Hans, the founder and CEO of the Trails For Change NGO, born and raised in Burbank, California, currently lives in Los Angeles, USA. Hans’ maternal grandparents were survivors of the Armenian Genocide. As a professional trail builder, Hans decided to make a contribution to his ancestral homeland by building trails and installing the trail building culture in Armenia. Mediamax has met with Hans Keifer and talked about the establishment of his NGO, trails in Armenia and his dedicated work to his homeland.
Armenianness came out
I visited Armenia for the first time in 2015. I came with a group of the Armenian Hikers Association of Los-Angeles, we did a tour in Western Armenia as well. Now it is regretful that I took so long to visit Armenia, since then it is my 10th trip to Armenia. There are many Armenians in LA that have never been to Armenia.
Photo: Trails For Change
In 2015, on the 100th anniversary of the Armenian Genocide, I participated in the LA2DC Race for Recognition. This was a relay run/ride starting from the March for Justice in Los Angeles and continuing across the country to Washington, D.C. I rode 1305 miles in 14 continuous days of riding. We shared our family stories of survival with other participants. Because of this project my Armenianness kind of came out, that is when I decided that instead of thinking about the past, I would rather try to do something positive and make a change in Armenia. So I decided to focus my attention on improving Armenia and doing something for my ancestral homeland.
Photo: Trails For Change
First, I didn’t know what to do; like many Diaspora Armenians, I didn’t have friends or relatives here. As a professional trail builder I have seen the economic impacts of trails and I know that good trails increase tourism which creates more jobs. In many countries there have been towns that totally turned around because of trails. For instance, Aínsa, a town in Spain, was like Dilijan, a lot of people used to leave the town, there wasn’t too much happening, but once, just a couple of guys started clearing the old trails, roads, hundreds of hikers started visiting the area. They built big hotels, restaurants, shops, bike shops (because somebody just decided to clean the trails for riding from his grandmother’s house to the village).
What is a trail?
We are still trying to make people understand what trails are and how they can improve the economy. In Los Angeles, we have some of the best trails in the world, but people don’t realize that.
Photo: Trails For Change
What I consider a trail, you don’t drive a car on. It is a narrow path less than 1 m in width. It can be a road, but when you are hiking you don’t want to share the trail with cars. We are trying to build nice trails and restore a lot of ancient ones. It is very exciting to see hundreds, thousands of years old trails. Nobody was using them anymore because they built roads. When we ask villagers where a trail is, they tell us to go to the road, wondering why people need to walk across the mountains, when they can take a nice road, a highway.
Photo: Trails For Change
People come to Armenia to see the monasteries, the place where Christianity began, to know the history. However, once you visit and see all these (that is what I did during my first visit), you are not going to come back and see them twice. When you know there are the Transcaucasian trail, the Janapar trail, other trails in Dilijan, Vayots Dzor, you will have a reason to visit again. The more trails we build, the more people will visit Armenia.
The birth of the NGO
I was asked by the ONEArmenia organization to do a training session in Armenia, during which I met Tom Allen from the Transcaucasian Trail (TCT). He told me that they wanted to build a hiking trail that will follow the Greater and Lesser Caucasus Mountains, including the Armenian highlands, but they had no trail building experience. They asked me to lead their project and train the volunteers, so I agreed.

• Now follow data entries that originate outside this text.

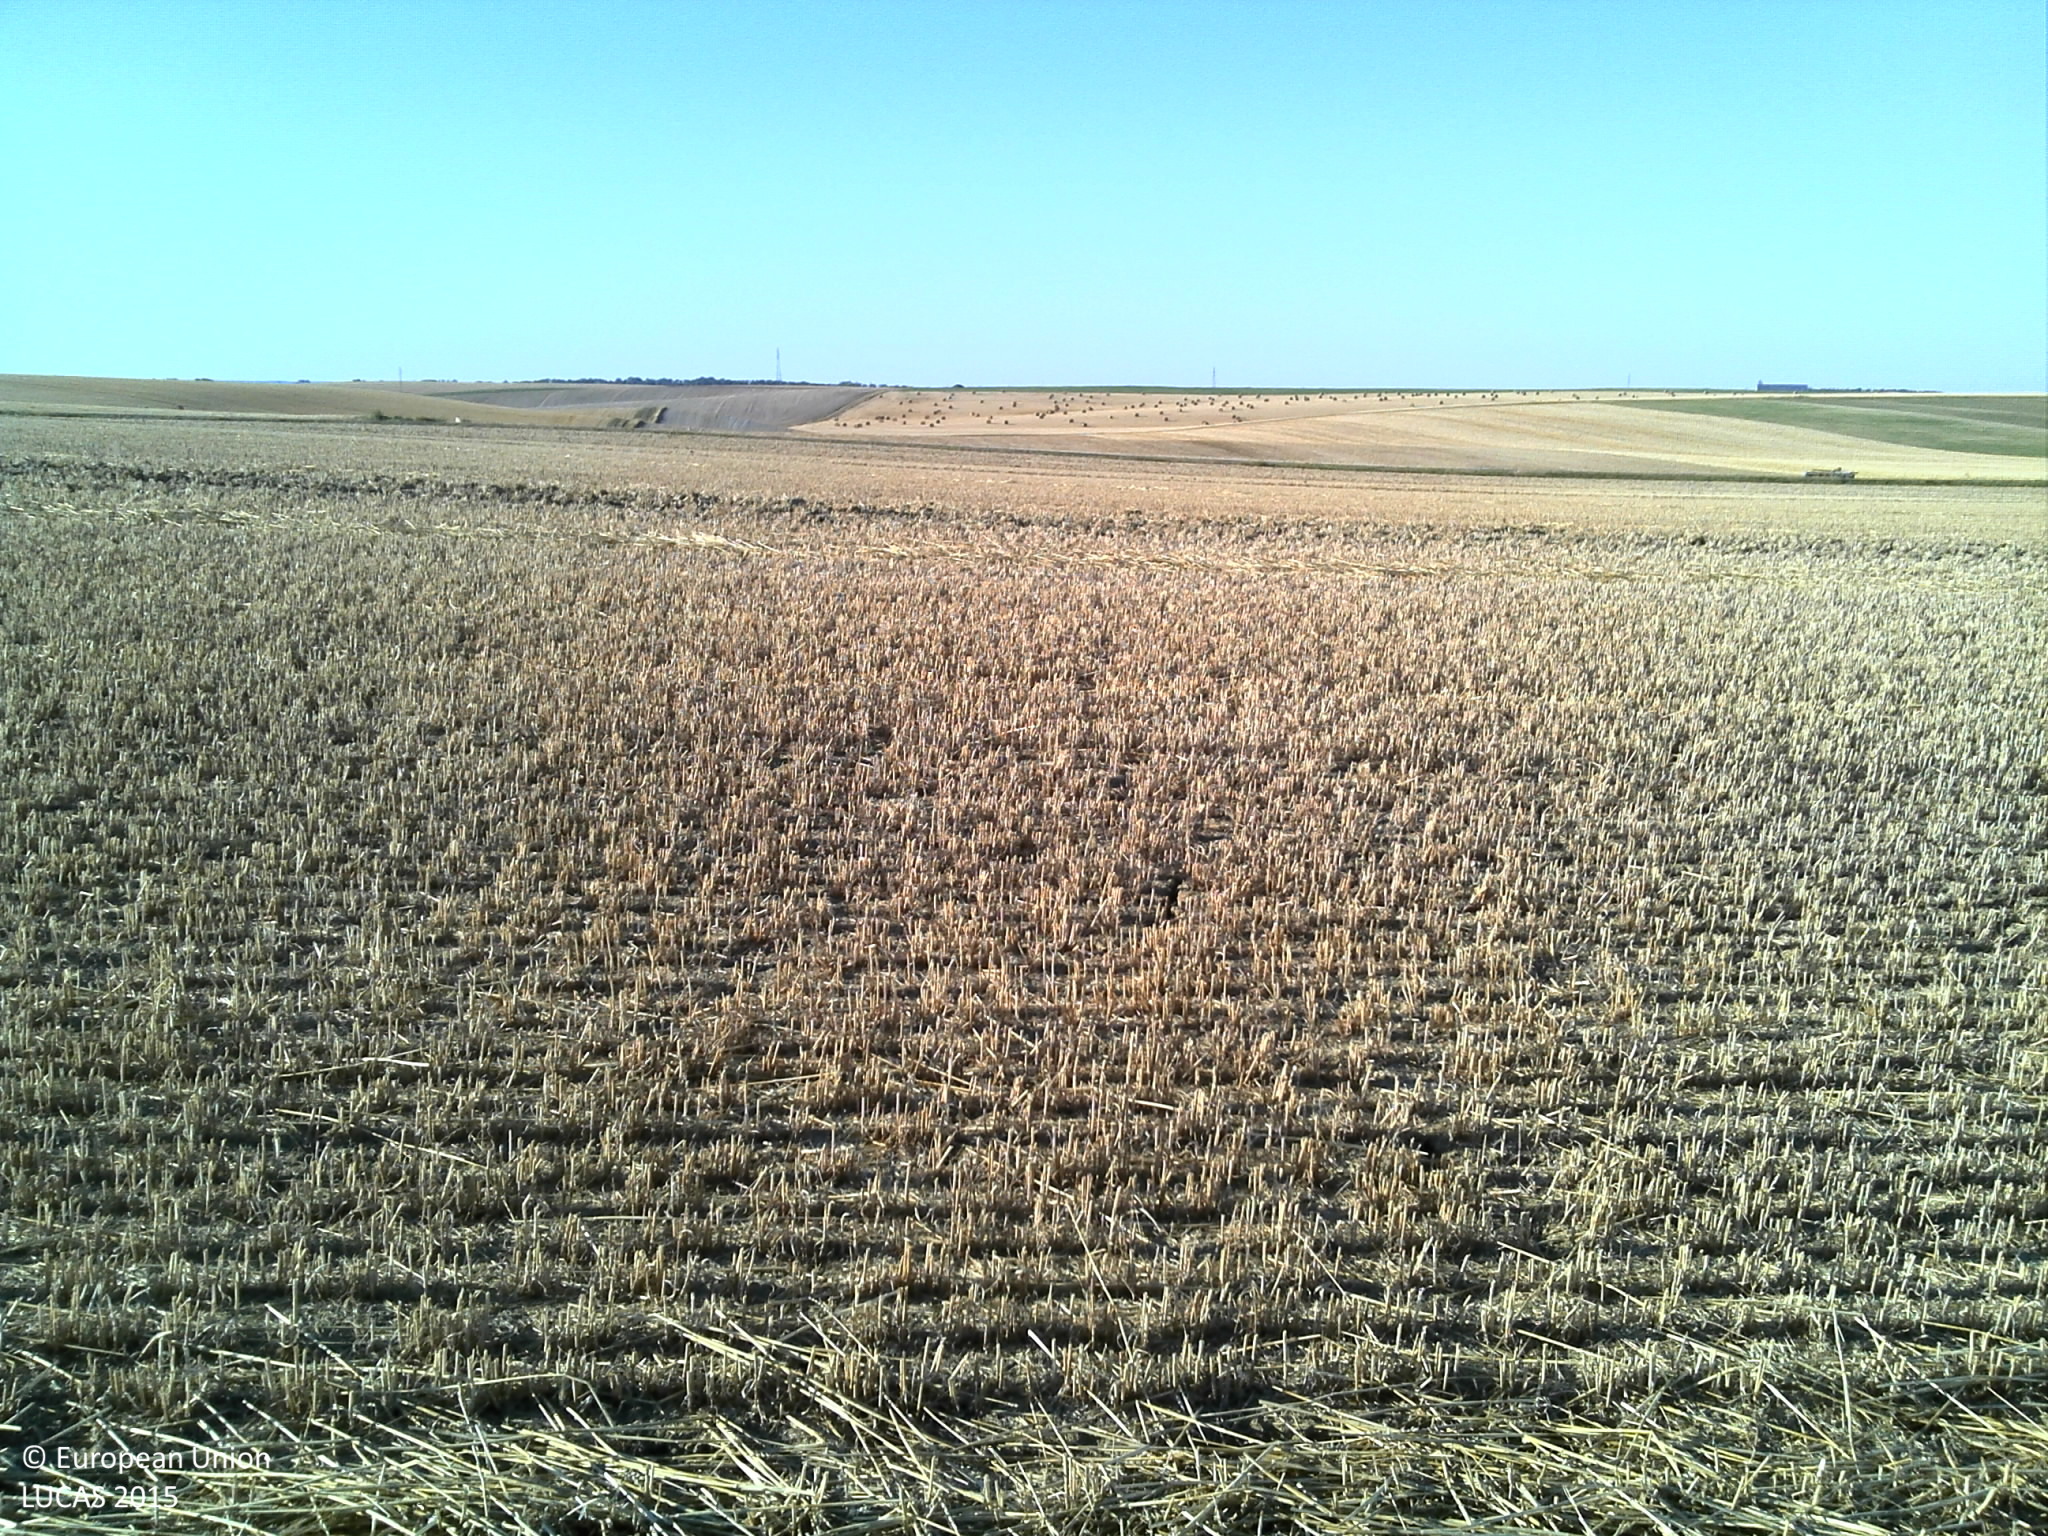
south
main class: Cropland
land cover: Common wheat
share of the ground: > 75 %
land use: Agriculture (excluding fallow land and kitchen gardens)
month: August
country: FR
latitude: 49.1107
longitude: 4.8053
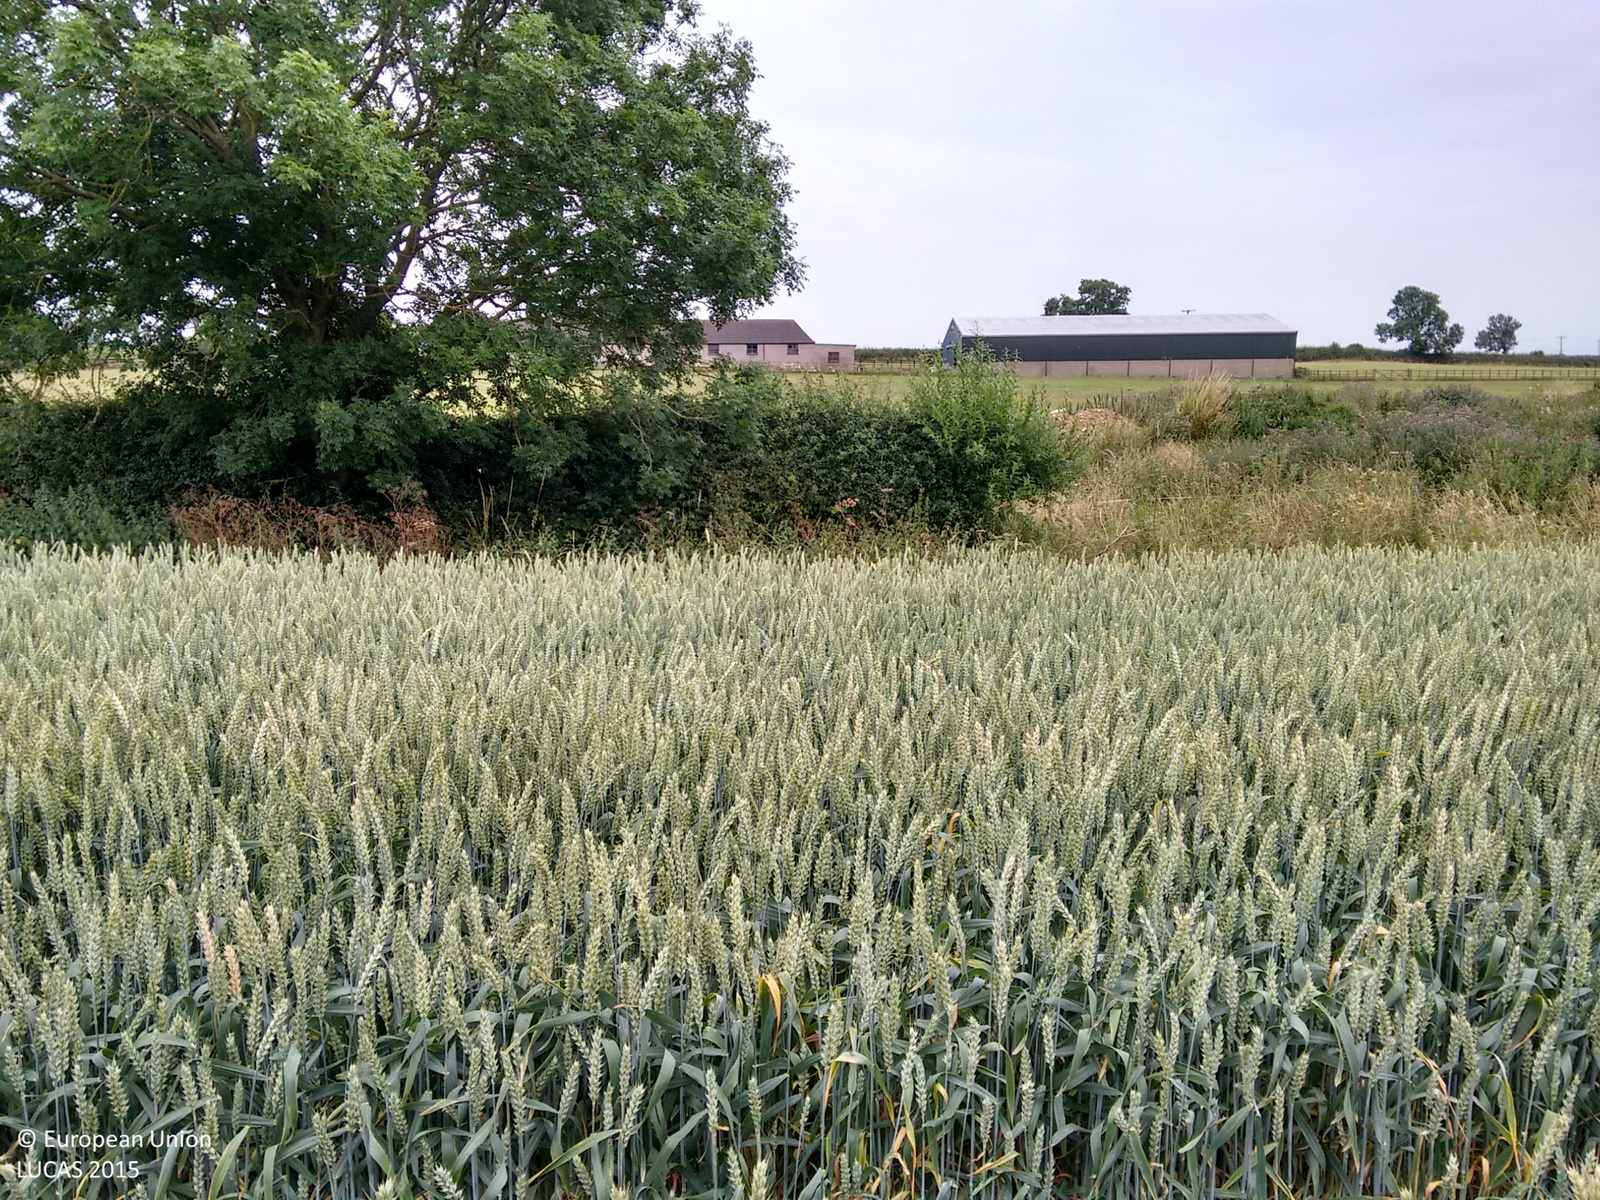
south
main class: Cropland
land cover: Common wheat
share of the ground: > 75 %
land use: Agriculture (excluding fallow land and kitchen gardens)
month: July
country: GB
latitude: 52.7395
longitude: -0.9596
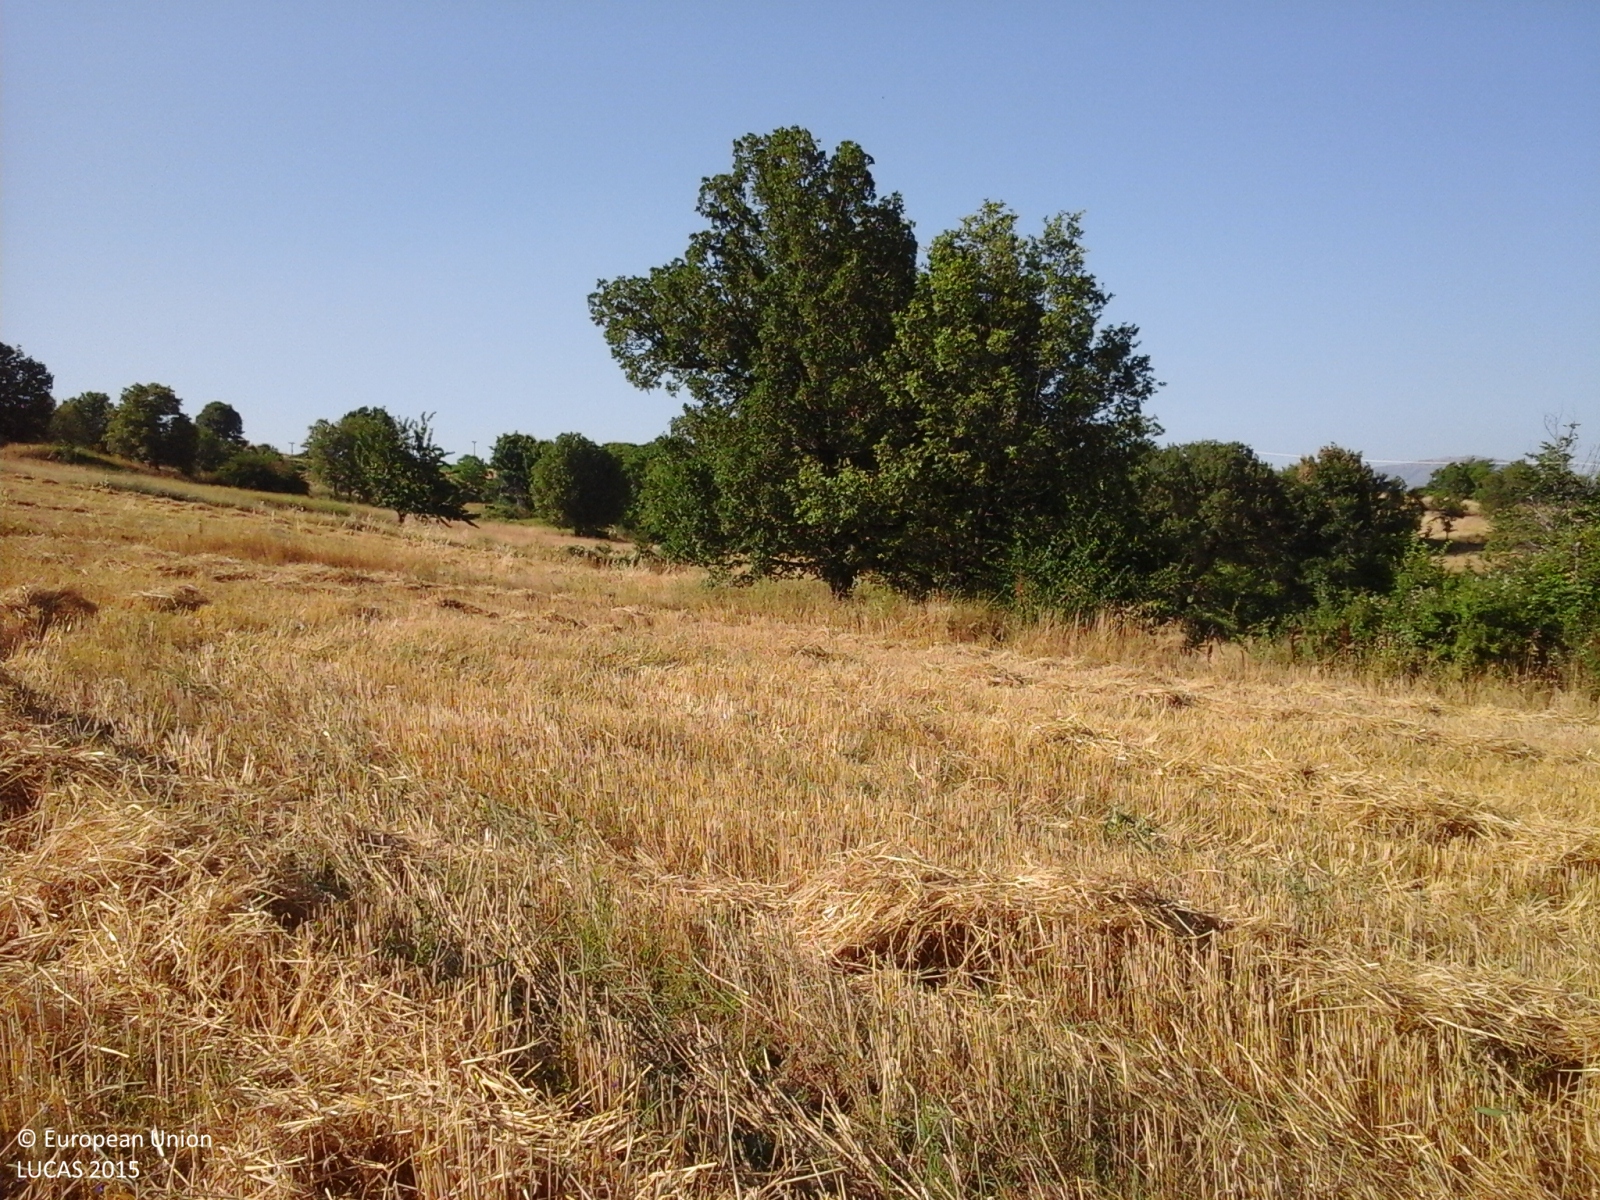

Basically, the Trails for Change NGO was born from the Transcaucasian Trail. All staff members of our NGO started as volunteers on the TCT project. Trails For Change began in August 2017, in Tavush, where Armenian and international volunteers came together to build the Transcaucasian trail. We became good friends with volunteers. Afterwards, I proposed to have a professional NGO in Armenia and do the same work what I do in Los Angeles, and everybody liked the idea. First, it was challenging because nobody knew how to build a trail. We hired more people and trained them.
Photo: Mediamax
Trails For Change is a non-profit organization funded by grants and donations. Our biggest sponsor is my company, Bellfree Contractors, basically myself. I established and funded Trails For Change completely by myself for 6 months, now I am asking a lot of my friends for donations. We have got a few crowdfunding campaigns, and various organizations funded our projects.
Not a charity, real opportunities
When I first visited Armenia I found Yerevan more developed than I expected. Once I spent more time in villages, I noticed the difference between them and Yerevan. In some villages it feels like you just step back in time, in Yerevan it is 2019, in villages sometime you feel 1920, people think different. Kids are very quiet and shy, young girls are always busy with making food, although they won’t sit with men around the table (of course, not in all villages). In the USA, women are as much appreciated as men.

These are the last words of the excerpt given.